WORK REQUEST
Select every line containing the word "viewBox" from the material, and copy those lines.
....
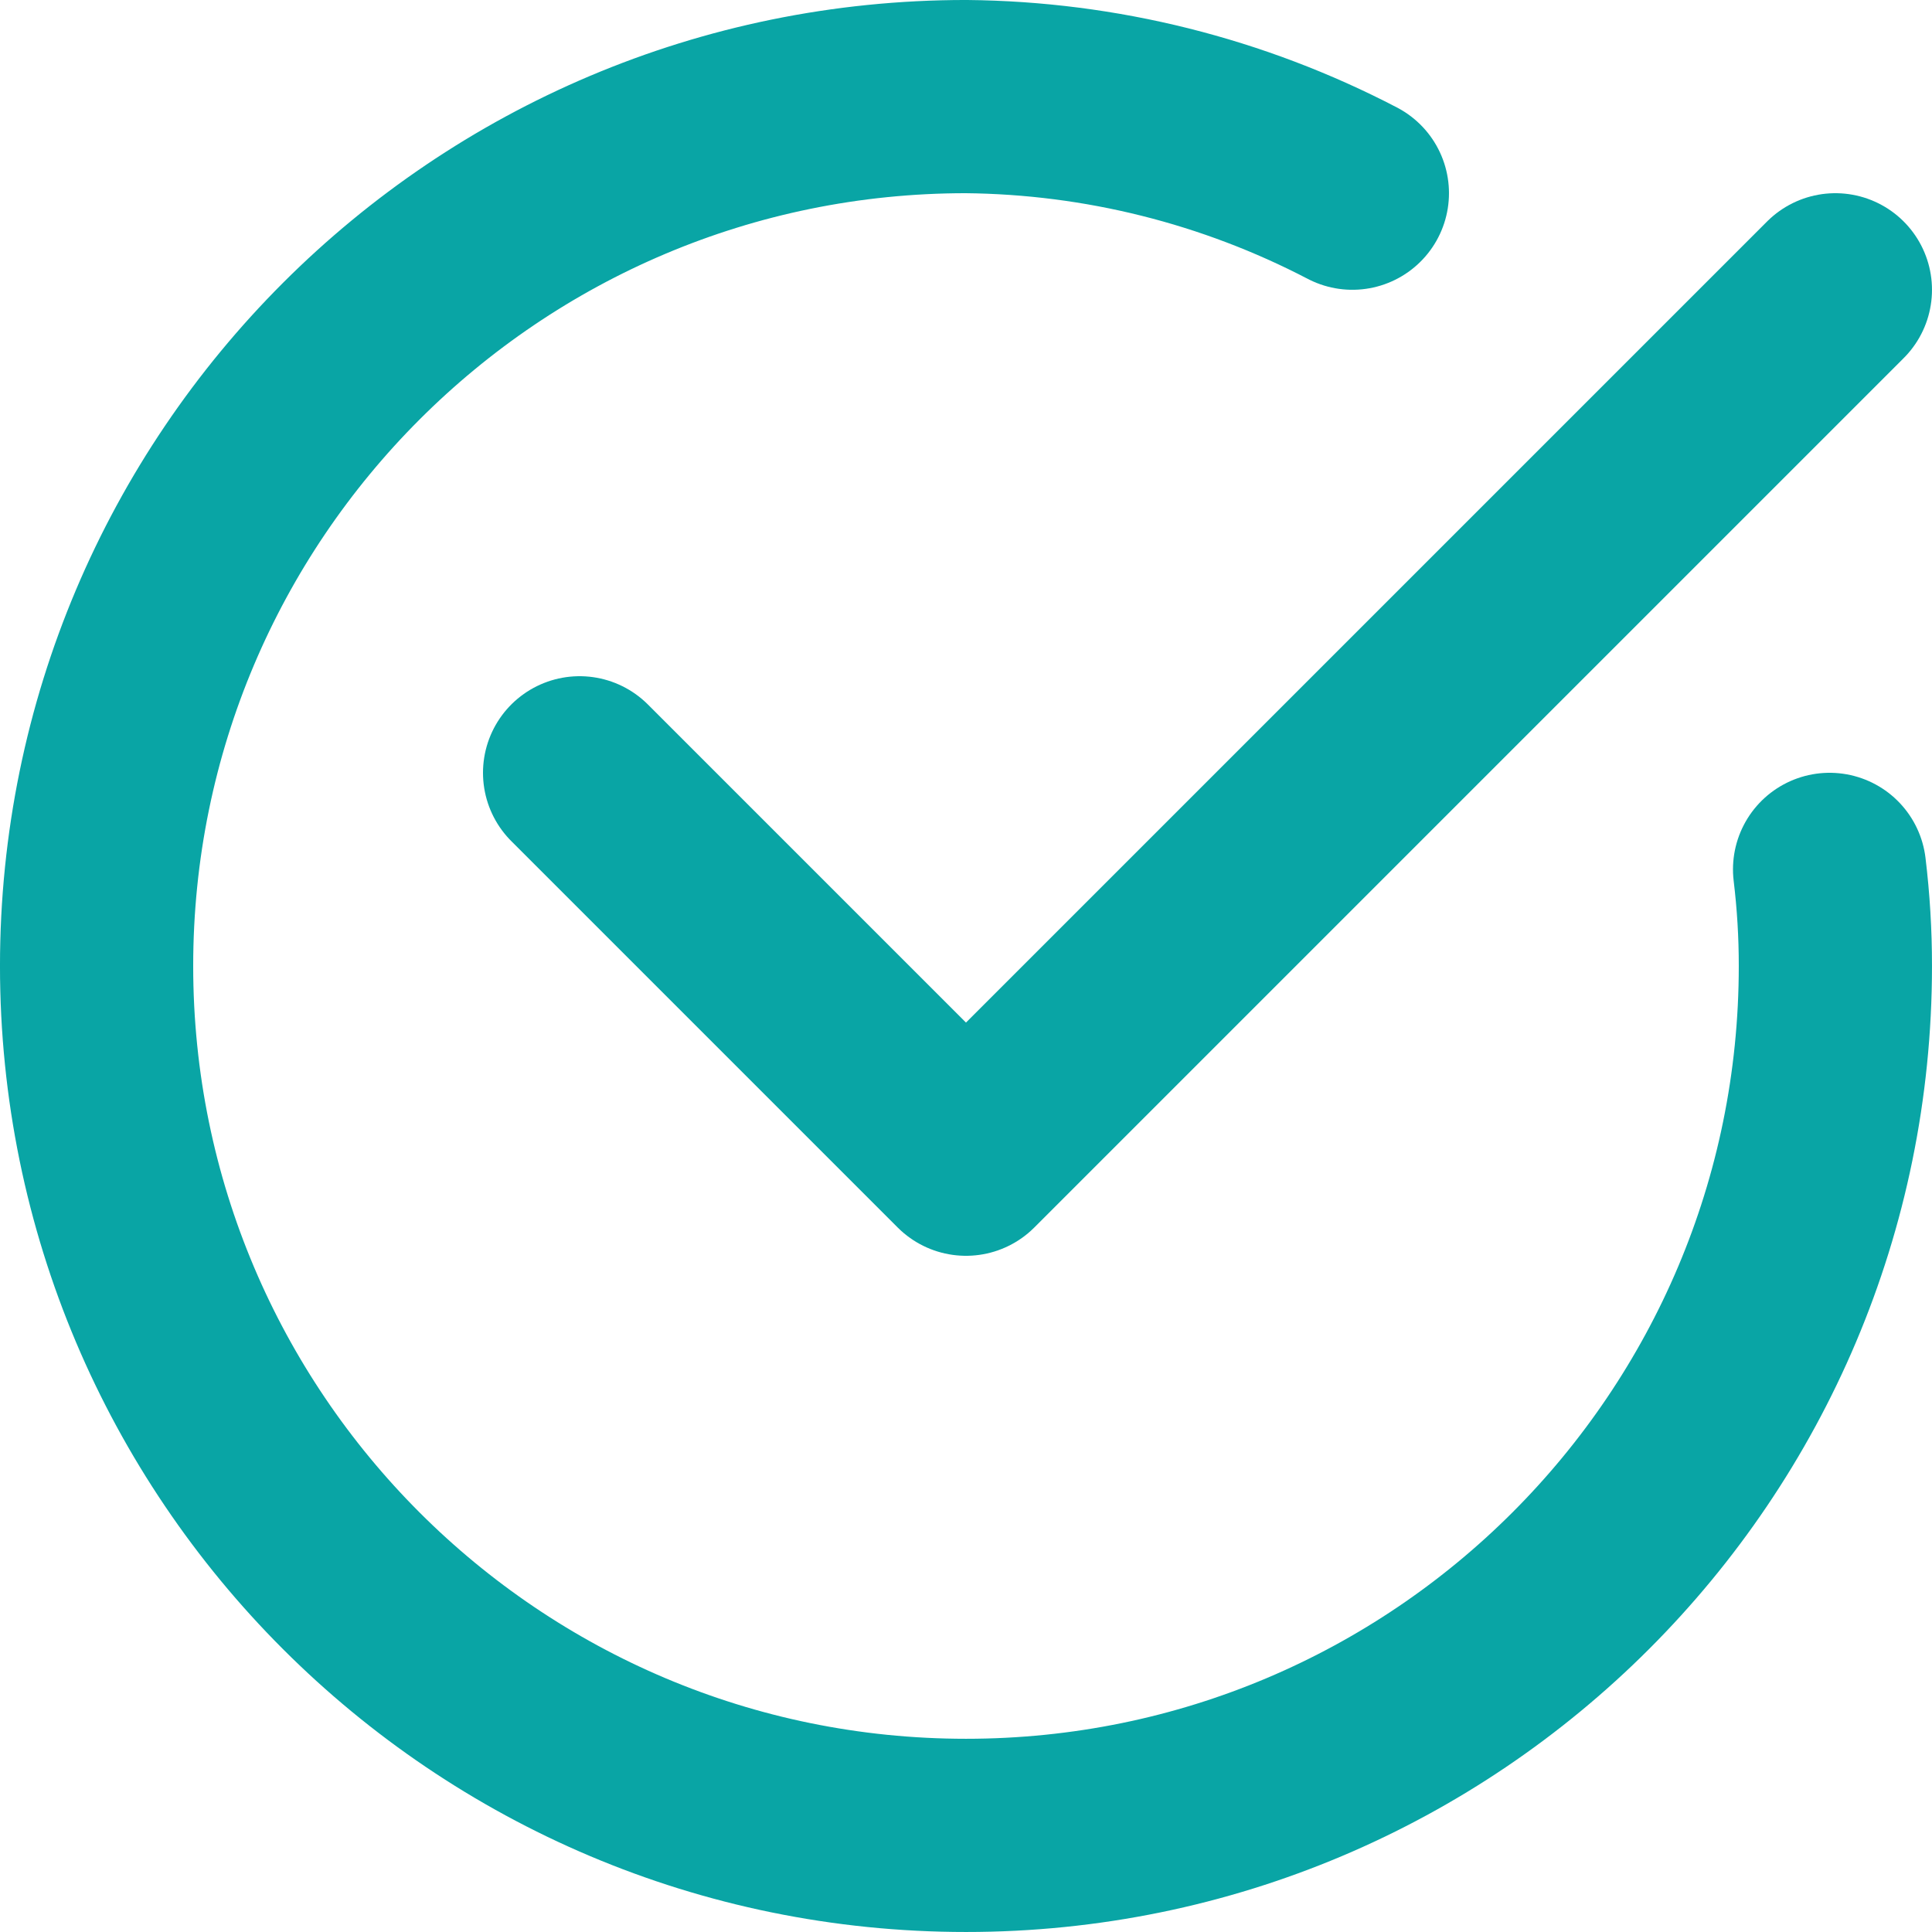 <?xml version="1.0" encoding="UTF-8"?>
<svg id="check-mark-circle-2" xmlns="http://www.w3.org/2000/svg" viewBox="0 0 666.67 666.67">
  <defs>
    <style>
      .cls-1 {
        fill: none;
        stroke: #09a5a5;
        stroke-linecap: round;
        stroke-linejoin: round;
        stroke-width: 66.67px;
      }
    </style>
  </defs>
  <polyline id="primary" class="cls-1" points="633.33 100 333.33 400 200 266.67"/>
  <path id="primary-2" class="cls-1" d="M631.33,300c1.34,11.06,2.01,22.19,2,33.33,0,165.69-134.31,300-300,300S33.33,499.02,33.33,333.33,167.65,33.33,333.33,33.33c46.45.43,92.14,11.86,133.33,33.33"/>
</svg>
....
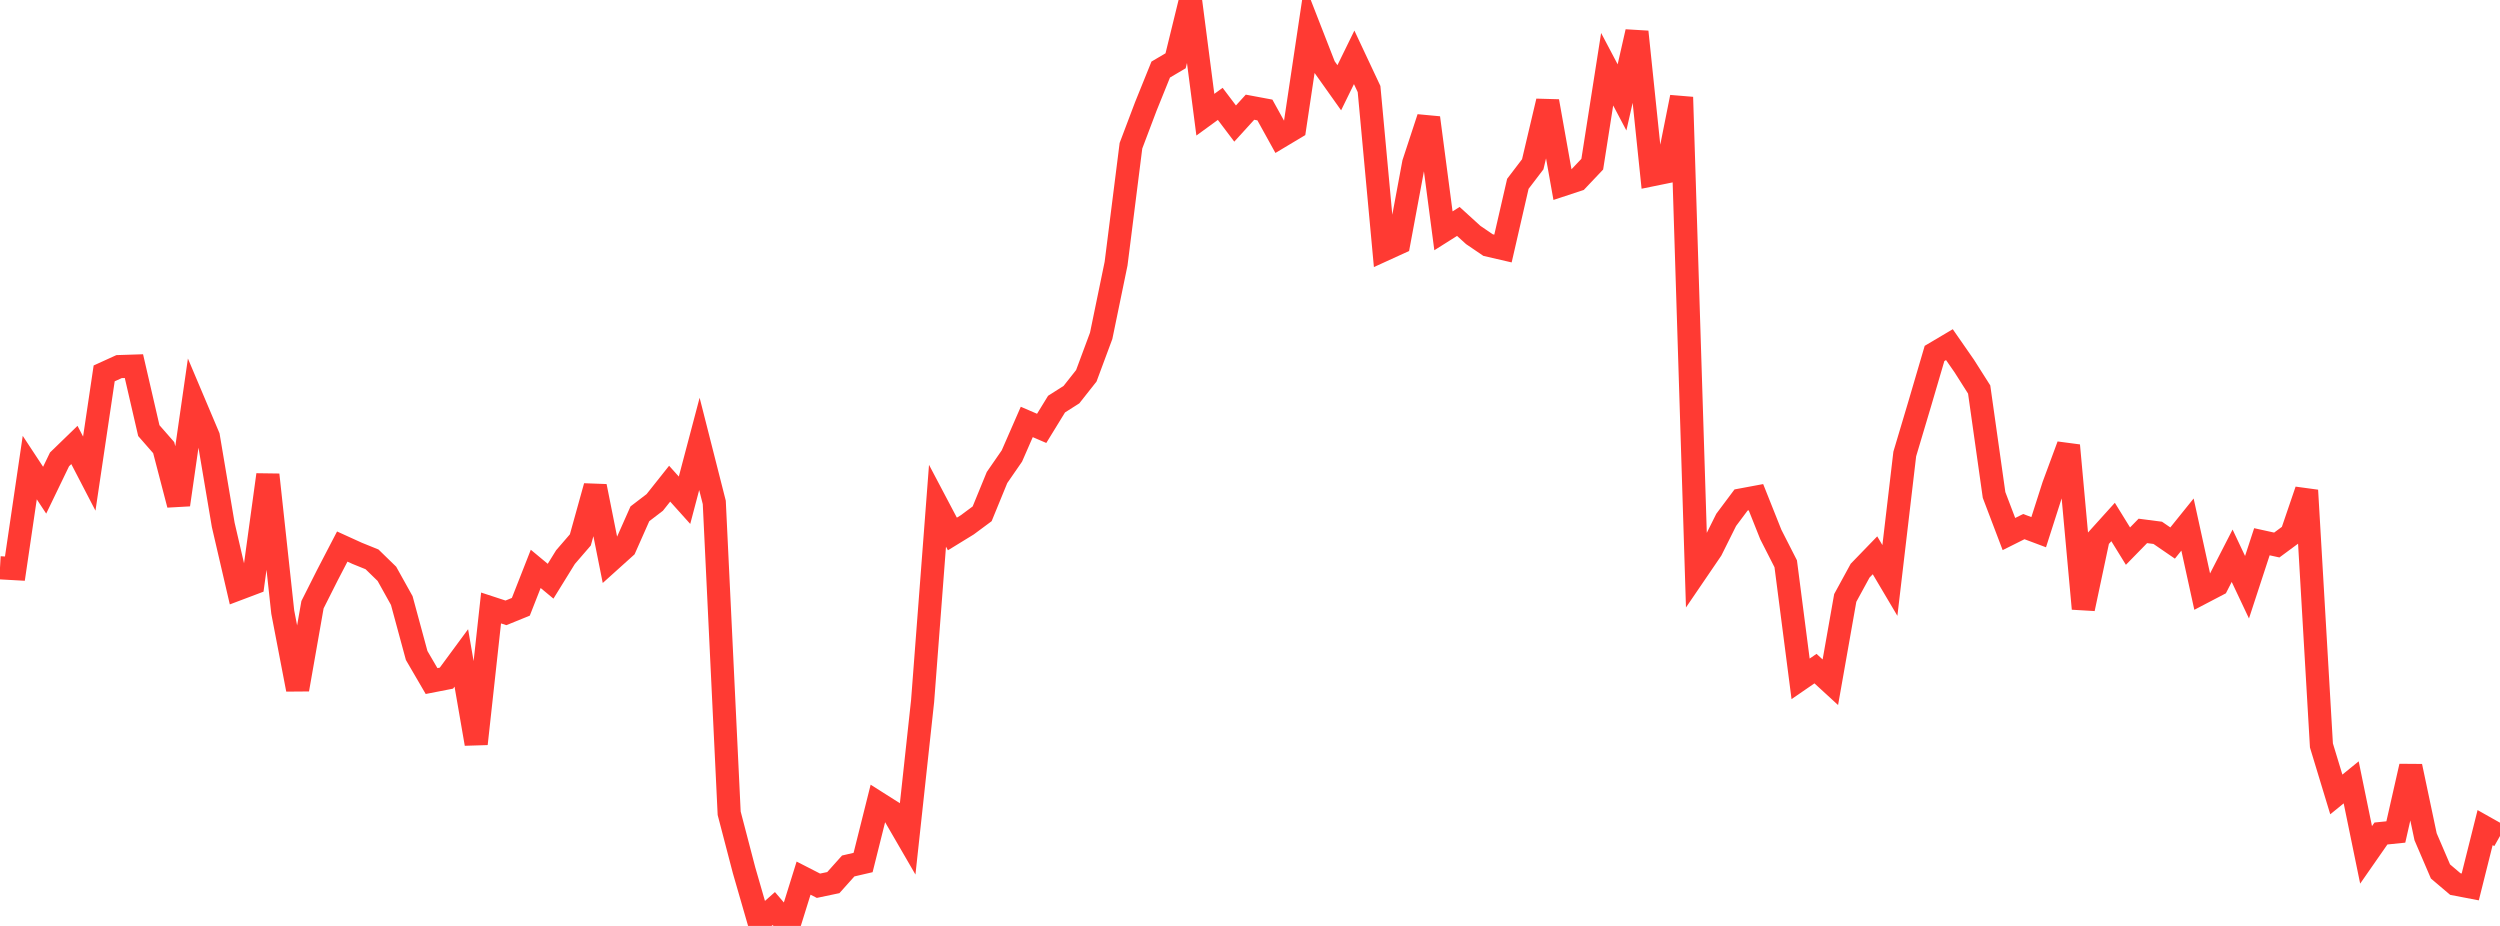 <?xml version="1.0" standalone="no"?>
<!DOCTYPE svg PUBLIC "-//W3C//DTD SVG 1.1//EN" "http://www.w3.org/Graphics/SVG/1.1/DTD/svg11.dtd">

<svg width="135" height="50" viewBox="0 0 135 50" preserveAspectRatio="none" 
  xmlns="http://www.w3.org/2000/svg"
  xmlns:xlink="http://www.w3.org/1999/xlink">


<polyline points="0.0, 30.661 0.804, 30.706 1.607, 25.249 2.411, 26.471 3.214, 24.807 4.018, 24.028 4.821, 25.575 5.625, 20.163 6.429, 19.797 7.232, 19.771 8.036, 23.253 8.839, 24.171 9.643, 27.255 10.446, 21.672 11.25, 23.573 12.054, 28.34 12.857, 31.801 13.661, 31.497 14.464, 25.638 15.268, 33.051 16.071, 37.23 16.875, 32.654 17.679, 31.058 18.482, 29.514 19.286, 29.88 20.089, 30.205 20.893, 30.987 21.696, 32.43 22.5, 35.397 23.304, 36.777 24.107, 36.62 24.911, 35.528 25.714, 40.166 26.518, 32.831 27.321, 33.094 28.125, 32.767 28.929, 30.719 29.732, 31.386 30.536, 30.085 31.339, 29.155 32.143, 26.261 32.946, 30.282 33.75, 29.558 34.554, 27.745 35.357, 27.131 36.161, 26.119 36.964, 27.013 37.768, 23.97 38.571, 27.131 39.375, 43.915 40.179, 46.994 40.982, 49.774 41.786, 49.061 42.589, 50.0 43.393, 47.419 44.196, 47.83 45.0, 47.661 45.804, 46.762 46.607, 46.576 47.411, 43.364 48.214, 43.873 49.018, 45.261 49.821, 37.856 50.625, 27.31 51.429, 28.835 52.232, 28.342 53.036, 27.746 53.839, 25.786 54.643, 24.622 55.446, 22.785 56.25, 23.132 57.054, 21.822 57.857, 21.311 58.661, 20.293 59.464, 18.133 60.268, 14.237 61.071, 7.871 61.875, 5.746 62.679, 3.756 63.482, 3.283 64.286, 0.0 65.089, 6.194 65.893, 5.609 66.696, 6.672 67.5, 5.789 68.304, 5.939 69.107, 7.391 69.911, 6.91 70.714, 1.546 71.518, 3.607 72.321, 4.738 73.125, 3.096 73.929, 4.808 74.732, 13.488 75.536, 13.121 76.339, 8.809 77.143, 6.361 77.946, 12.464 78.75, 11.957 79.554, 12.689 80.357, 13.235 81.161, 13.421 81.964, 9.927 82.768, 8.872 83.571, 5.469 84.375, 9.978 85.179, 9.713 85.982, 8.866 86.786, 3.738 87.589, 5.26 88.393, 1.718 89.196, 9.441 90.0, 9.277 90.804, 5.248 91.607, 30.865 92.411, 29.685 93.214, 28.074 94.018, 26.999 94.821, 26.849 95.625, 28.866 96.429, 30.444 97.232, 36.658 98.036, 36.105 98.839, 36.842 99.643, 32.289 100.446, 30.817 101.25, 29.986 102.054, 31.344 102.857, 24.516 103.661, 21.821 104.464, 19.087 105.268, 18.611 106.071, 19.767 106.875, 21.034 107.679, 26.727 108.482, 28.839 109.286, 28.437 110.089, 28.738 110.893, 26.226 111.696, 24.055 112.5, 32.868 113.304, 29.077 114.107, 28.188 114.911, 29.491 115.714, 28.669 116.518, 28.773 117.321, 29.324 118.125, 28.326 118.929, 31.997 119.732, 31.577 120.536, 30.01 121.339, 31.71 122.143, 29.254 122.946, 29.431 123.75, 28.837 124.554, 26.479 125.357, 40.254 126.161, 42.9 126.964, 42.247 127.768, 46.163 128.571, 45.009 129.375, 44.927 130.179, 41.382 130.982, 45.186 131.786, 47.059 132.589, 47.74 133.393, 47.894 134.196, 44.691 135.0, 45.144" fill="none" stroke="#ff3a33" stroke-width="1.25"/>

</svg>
....
ANSWER TO THIS EXERCISE
<svg id="check-mark-circle-2" xmlns="http://www.w3.org/2000/svg" viewBox="0 0 666.67 666.67">
<svg width="135" height="50" viewBox="0 0 135 50" preserveAspectRatio="none" 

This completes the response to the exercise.